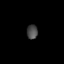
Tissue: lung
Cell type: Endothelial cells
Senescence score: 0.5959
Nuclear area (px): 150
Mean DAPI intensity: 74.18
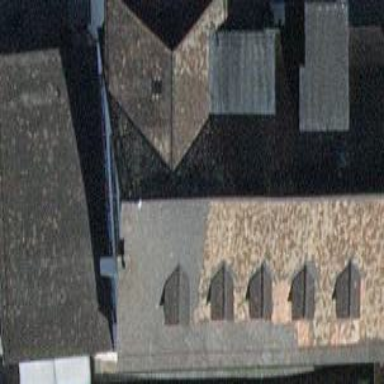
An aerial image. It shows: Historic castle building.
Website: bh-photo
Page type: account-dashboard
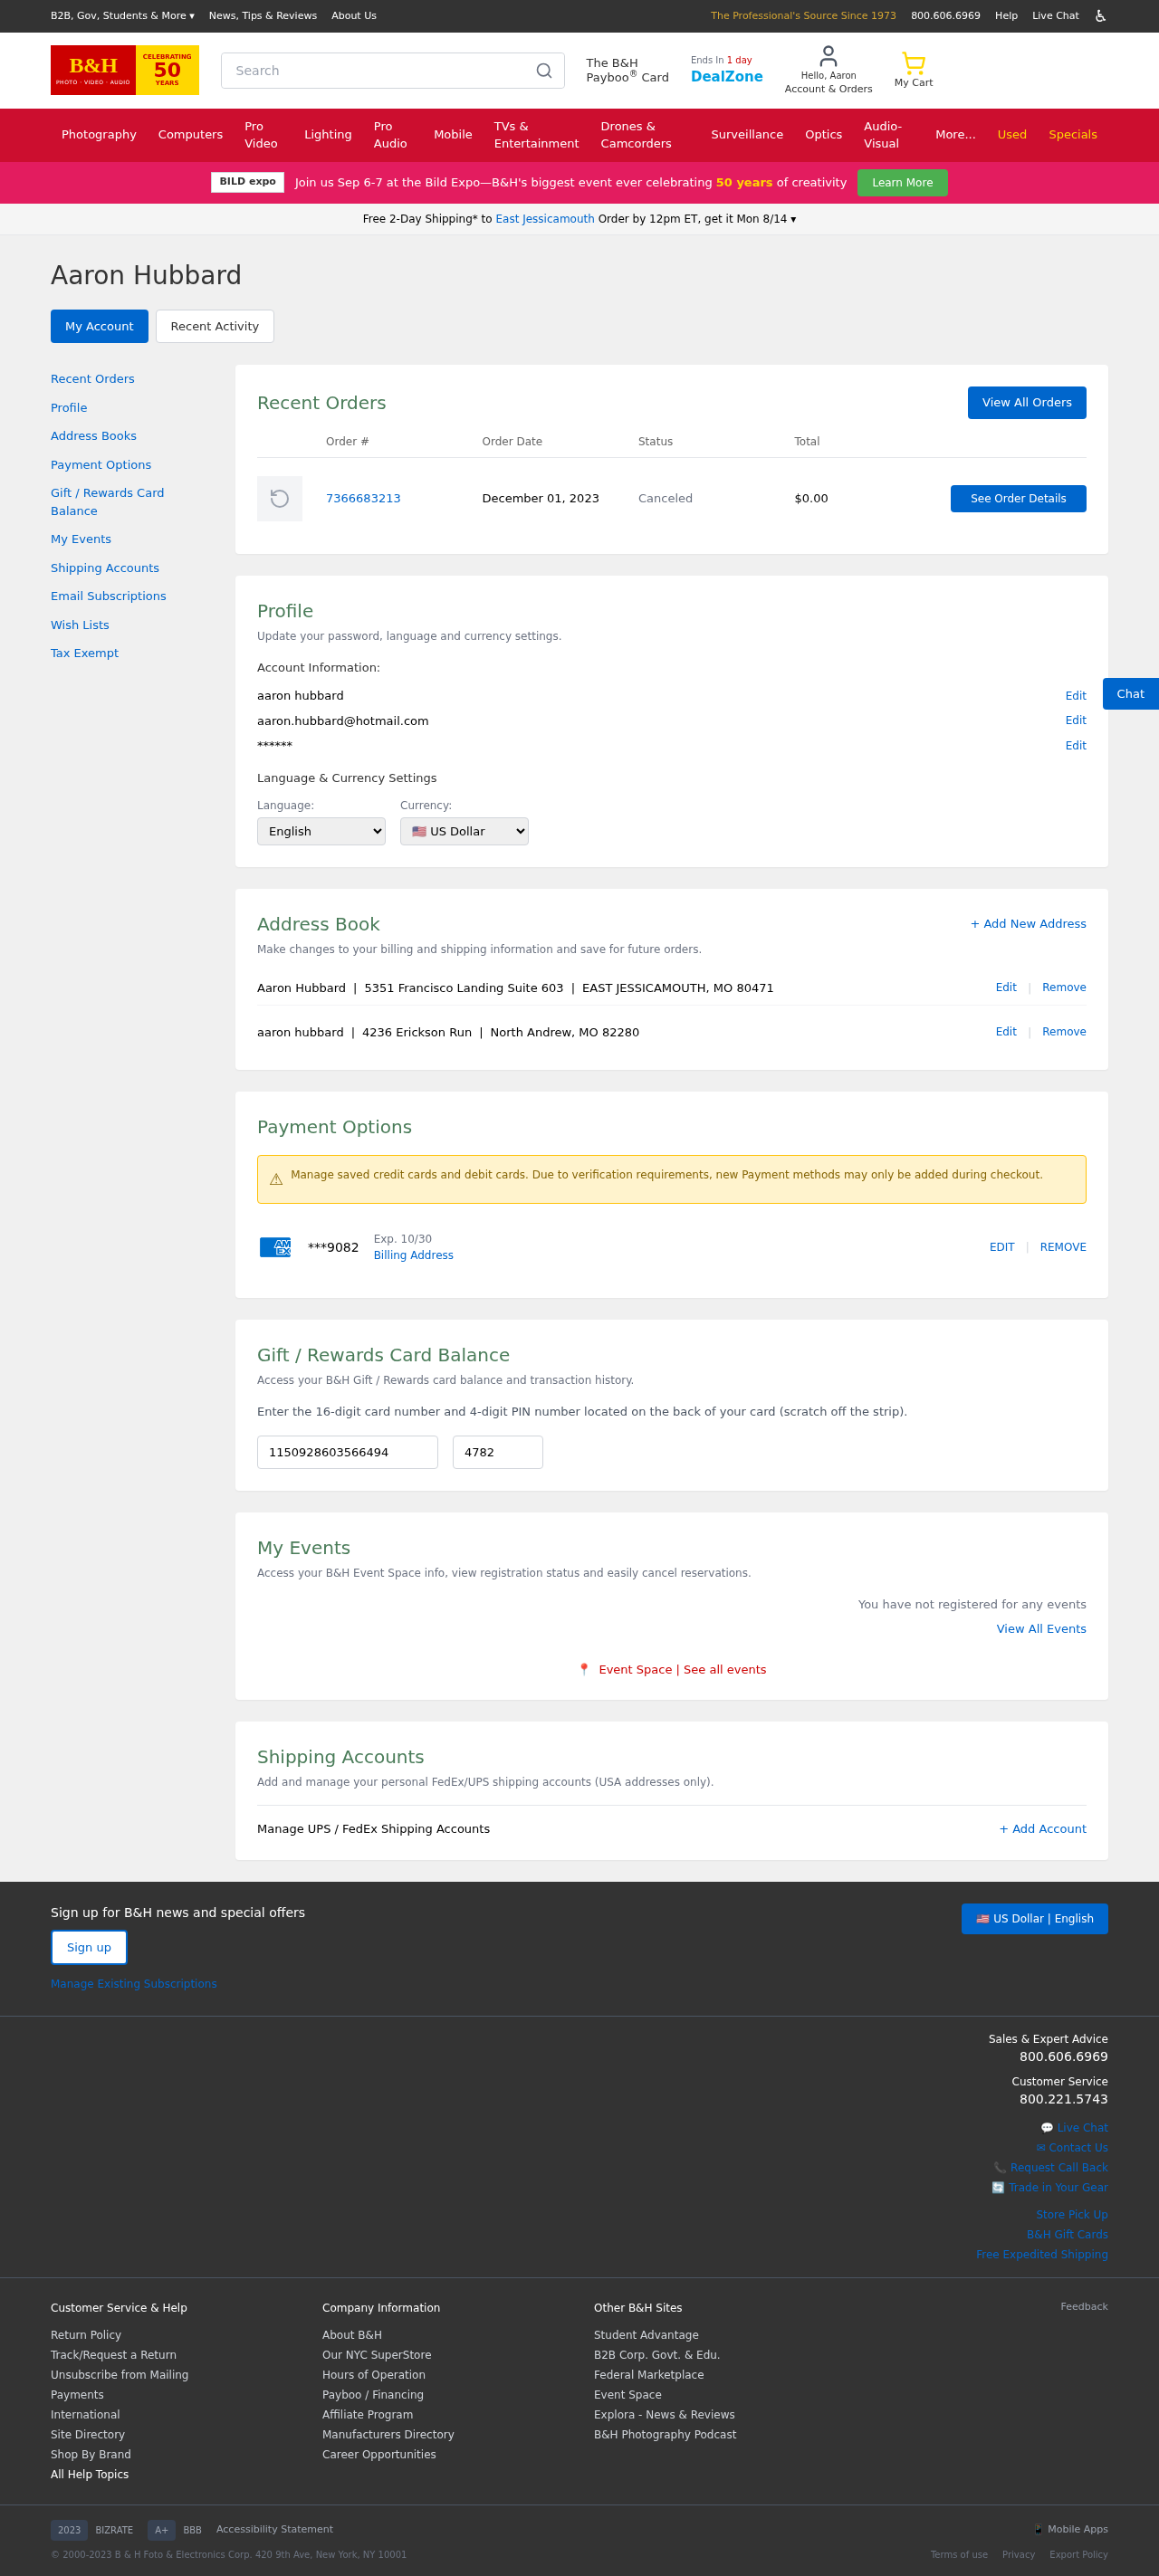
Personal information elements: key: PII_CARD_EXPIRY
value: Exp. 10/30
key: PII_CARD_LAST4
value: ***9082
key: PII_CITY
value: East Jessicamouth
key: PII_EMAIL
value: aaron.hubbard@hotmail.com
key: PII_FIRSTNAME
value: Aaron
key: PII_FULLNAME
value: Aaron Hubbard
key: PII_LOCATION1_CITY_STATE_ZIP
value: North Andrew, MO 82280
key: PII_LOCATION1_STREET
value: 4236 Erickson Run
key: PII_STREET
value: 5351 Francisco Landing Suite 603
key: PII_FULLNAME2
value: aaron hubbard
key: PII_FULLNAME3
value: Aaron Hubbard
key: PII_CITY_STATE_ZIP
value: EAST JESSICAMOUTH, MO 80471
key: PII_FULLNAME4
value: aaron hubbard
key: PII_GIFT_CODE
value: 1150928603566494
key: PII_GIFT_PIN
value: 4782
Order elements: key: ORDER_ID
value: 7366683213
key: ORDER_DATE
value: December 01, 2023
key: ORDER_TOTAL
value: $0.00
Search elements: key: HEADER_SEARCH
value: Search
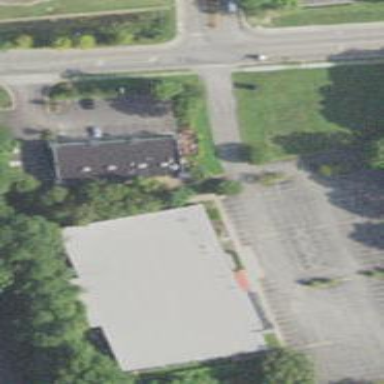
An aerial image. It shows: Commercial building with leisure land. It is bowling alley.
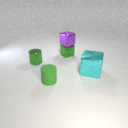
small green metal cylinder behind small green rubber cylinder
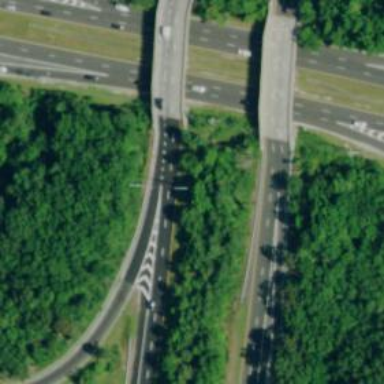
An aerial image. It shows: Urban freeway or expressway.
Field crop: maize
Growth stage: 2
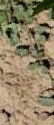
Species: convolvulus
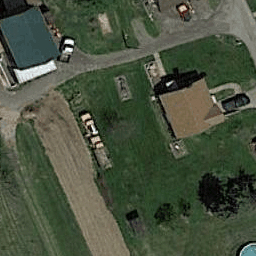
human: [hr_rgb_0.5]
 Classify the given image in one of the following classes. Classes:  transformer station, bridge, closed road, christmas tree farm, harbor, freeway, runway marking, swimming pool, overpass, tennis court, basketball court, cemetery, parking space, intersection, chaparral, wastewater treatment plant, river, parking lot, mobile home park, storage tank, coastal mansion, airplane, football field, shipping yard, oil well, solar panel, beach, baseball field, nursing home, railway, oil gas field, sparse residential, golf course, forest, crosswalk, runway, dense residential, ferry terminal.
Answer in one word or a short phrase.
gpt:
┄┄┄┄┄┄┄┄┄┄
Work request
Look above for the line containing "An aerial image. It shows: Historic", then copy exactly from it through the line containing "value: 5351 Francisco Landing Suite 603", keeping both and leaving out pictures. Add nothing else.

Response below
An aerial image. It shows: Historic castle building.
Website: bh-photo
Page type: account-dashboard
Personal information elements: key: PII_CARD_EXPIRY
value: Exp. 10/30
key: PII_CARD_LAST4
value: ***9082
key: PII_CITY
value: East Jessicamouth
key: PII_EMAIL
value: aaron.hubbard@hotmail.com
key: PII_FIRSTNAME
value: Aaron
key: PII_FULLNAME
value: Aaron Hubbard
key: PII_LOCATION1_CITY_STATE_ZIP
value: North Andrew, MO 82280
key: PII_LOCATION1_STREET
value: 4236 Erickson Run
key: PII_STREET
value: 5351 Francisco Landing Suite 603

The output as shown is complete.